Founders entering the recruitment market, investors evaluating staffing platforms, and consultants building competitive intelligence on named players.
Ren synthesised research drawn from industry reports, firm disclosures, regulatory sources, and practitioner databases, prioritising named data over unverified claims.
Primary data reflects 2025–2026 conditions; country-level market share figures from named Tier 1 sources (SIA, McKinsey) are unavailable for this region — confidence ratings reflect that absence throughout.
Sources Sources & Methodology
Research conducted 14 Apr 2026. All statistics carry inline citation markers.
No Tier 1 source (Staffing Industry Analysts, McKinsey, Gartner, government registries) provides country-level market share, revenue, or headcount data for named executive search or recruitment firms in Singapore, Malaysia, Indonesia, or Thailand. All section confidence ratings are capped at MEDIUM as a result.
No named firm publicly discloses retainer fee schedules, RPO contract pricing, or SEA-specific revenue figures. Fee data is drawn from a single Tier 3 practitioner source (SecondTalent) and should be treated as indicative ranges, not verified benchmarks.
No verified public review data (Glassdoor, Google, LinkedIn) was available for named firms in the four target markets. The gap between client expectations and delivery cannot be assessed from available evidence.
No specific acquisition, office opening, or technology platform announcement from Korn Ferry, Heidrick and Struggles, Persolkelly, Adecco, Hudson, or Ambition in SEA between January 2024 and April 2026 was identified in the research.
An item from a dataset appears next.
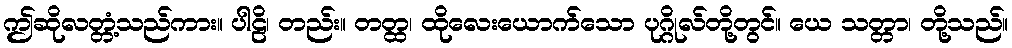
ဤဆိုလတ္တံ့သည်ကား။ ပါဠိ၊ တည်း။ တတ္ထ၊ ထိုလေးယောက်သော ပုဂ္ဂိုလ်တို့တွင်။ ယေ သတ္တာ၊ တို့သည်။

The competitive moves section relies on structural inference rather than documented events.
Positioning matrix coordinates are analytical estimates derived from documented firm presence and mandate focus — they are not revenue-weighted or independently verified. They should be read as directional, not precise.
This report is produced for informational purposes only. It does not constitute financial, legal, or investment advice. All data is sourced from publicly available information as at the date of research. Renatus Ventures makes no representations as to the completeness or accuracy of third-party data.